◆ DIRECTIONS FOR THIS TASK ◆
Would you restate the entries below word for word, starting at the first line and ending with the one that has "مراجعات و ارتباطات"?

INPUT DATA section start

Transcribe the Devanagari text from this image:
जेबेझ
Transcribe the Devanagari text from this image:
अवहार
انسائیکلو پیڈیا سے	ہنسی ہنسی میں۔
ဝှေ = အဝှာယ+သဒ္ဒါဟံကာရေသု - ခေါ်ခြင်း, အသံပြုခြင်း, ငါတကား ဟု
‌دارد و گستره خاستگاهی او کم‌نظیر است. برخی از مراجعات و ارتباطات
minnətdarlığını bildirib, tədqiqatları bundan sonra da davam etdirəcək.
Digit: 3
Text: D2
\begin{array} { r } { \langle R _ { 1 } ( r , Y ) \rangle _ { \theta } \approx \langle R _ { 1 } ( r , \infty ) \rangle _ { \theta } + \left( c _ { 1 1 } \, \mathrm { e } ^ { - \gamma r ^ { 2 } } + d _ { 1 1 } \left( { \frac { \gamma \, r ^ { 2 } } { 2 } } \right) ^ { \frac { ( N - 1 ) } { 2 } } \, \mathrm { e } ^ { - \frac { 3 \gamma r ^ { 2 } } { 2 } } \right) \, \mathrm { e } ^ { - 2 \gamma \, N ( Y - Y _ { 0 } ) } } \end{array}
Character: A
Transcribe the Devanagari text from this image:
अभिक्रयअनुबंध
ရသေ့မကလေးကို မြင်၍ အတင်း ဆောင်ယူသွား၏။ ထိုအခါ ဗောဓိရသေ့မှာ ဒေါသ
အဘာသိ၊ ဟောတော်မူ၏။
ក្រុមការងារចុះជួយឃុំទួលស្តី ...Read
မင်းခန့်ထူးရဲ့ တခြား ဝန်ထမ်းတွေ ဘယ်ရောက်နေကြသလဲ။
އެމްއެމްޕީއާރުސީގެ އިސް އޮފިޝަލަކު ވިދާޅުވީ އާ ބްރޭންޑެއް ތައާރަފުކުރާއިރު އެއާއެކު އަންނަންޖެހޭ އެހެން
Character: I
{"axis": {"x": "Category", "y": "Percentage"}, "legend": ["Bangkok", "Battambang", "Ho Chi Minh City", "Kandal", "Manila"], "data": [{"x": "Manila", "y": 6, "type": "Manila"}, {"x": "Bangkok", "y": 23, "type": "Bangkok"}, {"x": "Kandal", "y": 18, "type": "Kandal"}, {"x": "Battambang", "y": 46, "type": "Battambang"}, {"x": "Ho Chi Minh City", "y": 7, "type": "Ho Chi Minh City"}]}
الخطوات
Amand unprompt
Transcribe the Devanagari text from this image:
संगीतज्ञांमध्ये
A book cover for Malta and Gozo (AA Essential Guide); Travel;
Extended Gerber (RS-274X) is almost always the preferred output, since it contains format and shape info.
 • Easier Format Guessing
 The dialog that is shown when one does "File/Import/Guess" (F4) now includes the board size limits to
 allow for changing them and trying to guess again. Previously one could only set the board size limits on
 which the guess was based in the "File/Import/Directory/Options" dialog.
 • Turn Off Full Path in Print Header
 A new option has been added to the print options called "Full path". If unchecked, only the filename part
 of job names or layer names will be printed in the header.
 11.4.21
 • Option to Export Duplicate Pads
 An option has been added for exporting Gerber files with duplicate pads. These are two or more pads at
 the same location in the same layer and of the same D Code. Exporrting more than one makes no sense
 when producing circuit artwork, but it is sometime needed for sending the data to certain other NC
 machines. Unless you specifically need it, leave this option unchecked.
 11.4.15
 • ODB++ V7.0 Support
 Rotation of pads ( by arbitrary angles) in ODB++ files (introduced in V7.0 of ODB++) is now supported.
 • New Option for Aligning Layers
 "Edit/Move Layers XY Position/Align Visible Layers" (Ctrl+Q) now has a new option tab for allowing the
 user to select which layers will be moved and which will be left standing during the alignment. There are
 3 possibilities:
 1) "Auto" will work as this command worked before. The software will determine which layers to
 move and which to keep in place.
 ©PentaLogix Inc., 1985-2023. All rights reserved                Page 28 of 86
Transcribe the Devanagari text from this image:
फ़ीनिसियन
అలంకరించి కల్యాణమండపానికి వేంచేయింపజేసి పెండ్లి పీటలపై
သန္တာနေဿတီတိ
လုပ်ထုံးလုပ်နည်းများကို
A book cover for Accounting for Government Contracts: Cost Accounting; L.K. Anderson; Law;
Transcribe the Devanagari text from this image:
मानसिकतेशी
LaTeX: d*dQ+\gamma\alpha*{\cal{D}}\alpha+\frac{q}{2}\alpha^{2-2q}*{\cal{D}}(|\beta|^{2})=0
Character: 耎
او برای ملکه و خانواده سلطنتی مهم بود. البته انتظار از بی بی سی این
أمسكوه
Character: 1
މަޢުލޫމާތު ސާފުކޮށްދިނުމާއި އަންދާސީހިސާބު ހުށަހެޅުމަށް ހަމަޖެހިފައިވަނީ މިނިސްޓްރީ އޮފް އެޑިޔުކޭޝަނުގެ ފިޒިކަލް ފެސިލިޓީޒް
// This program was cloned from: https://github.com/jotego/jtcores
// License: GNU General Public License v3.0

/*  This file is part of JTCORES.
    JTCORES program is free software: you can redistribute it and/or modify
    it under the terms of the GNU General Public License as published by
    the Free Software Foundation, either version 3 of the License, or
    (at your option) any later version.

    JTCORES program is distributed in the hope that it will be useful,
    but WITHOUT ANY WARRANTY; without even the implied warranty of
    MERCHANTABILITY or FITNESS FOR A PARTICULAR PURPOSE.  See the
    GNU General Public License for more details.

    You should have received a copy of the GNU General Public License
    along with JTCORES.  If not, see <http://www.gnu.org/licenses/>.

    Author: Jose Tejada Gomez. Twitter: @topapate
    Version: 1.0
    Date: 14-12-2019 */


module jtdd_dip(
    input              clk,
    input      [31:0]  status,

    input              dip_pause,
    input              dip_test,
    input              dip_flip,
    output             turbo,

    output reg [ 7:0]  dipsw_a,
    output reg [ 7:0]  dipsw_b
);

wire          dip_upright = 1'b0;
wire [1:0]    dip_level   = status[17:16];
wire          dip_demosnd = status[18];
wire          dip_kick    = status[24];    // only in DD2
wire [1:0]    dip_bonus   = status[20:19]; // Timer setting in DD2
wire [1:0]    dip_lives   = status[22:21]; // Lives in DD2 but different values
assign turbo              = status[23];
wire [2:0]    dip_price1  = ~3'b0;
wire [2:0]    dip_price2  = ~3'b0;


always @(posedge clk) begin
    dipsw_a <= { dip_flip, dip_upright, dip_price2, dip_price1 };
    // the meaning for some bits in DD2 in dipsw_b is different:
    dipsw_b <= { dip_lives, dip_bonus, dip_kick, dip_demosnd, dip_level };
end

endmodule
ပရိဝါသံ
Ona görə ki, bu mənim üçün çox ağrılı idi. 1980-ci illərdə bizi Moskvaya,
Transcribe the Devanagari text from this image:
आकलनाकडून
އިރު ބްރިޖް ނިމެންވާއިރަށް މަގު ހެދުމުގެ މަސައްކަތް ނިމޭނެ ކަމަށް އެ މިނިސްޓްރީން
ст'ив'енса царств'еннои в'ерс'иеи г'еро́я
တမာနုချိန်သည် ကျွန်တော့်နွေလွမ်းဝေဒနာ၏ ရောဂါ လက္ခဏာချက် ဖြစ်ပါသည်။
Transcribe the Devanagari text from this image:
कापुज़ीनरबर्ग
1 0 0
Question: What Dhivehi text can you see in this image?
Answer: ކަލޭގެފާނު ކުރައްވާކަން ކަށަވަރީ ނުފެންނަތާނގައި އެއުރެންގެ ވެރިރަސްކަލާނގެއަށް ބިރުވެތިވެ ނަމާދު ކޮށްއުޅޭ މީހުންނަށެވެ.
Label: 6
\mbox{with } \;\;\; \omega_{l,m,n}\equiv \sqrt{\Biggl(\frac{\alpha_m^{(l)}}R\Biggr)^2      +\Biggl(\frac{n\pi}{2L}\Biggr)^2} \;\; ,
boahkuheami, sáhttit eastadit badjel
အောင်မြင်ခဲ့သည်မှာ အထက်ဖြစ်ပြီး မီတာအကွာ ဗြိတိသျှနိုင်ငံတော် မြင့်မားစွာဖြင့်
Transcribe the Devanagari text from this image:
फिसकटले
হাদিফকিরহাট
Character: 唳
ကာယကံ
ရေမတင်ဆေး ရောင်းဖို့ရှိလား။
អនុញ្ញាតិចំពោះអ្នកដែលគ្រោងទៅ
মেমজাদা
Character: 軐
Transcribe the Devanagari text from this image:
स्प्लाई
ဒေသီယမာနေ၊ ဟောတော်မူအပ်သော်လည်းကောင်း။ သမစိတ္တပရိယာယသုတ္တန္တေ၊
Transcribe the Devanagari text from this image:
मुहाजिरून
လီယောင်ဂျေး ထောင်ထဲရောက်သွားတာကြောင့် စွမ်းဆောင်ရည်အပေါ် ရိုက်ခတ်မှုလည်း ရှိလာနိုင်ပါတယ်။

INPUT DATA section end

◆ RESPONSE TO THE EXERCISE ◆
Transcribe the Devanagari text from this image:
जेबेझ
Transcribe the Devanagari text from this image:
अवहार
انسائیکلو پیڈیا سے	ہنسی ہنسی میں۔
ဝှေ = အဝှာယ+သဒ္ဒါဟံကာရေသု - ခေါ်ခြင်း, အသံပြုခြင်း, ငါတကား ဟု
‌دارد و گستره خاستگاهی او کم‌نظیر است. برخی از مراجعات و ارتباطات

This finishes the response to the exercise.